Dataset excerpts —

BEGIN

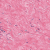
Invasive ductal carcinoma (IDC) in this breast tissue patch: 0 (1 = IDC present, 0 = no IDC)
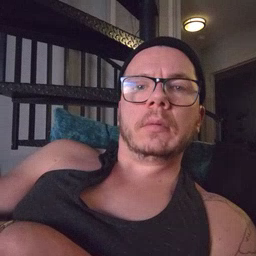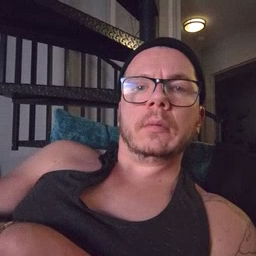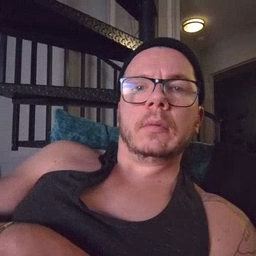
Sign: bee
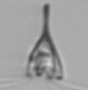
Label: Pyramimonas_longicauda
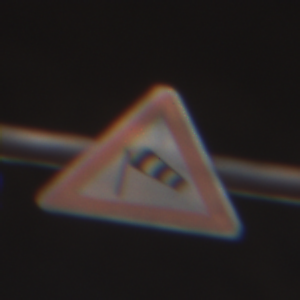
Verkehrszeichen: SeitenwindVonLinks
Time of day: Night
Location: Outdoor (Urban)
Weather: PartlyCloudy
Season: NotSpecified
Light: Artificial
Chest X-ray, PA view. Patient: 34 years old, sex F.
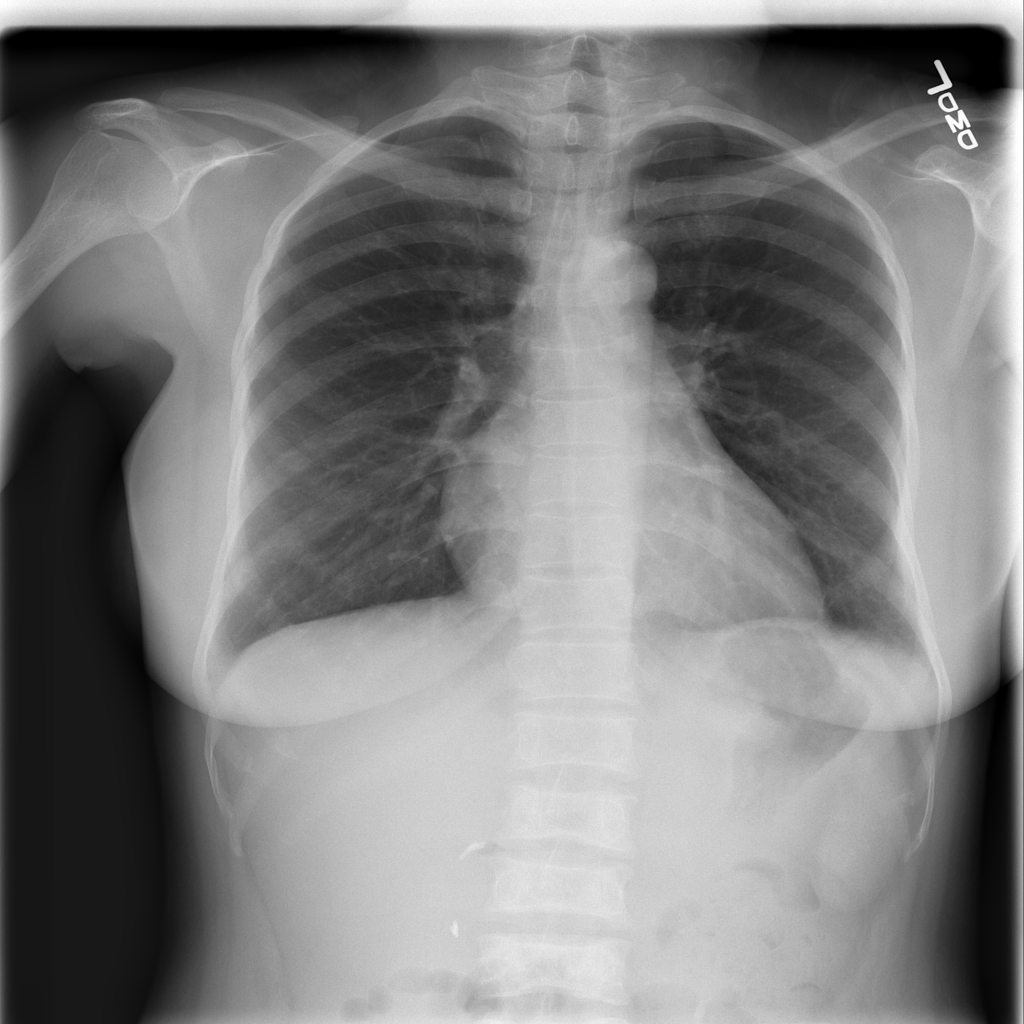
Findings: Infiltration
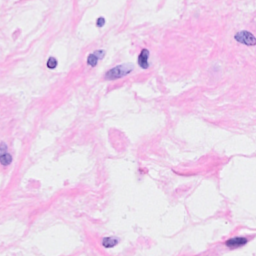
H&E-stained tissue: Breast
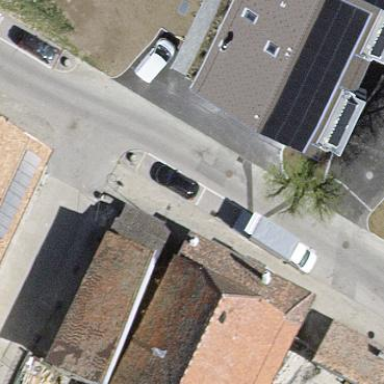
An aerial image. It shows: Parking lane.

END

Work required —
In the entries above, find each line that includes the string "tissue" and copy it.

Solution —
Invasive ductal carcinoma (IDC) in this breast tissue patch: 0 (1 = IDC present, 0 = no IDC)
H&E-stained tissue: Breast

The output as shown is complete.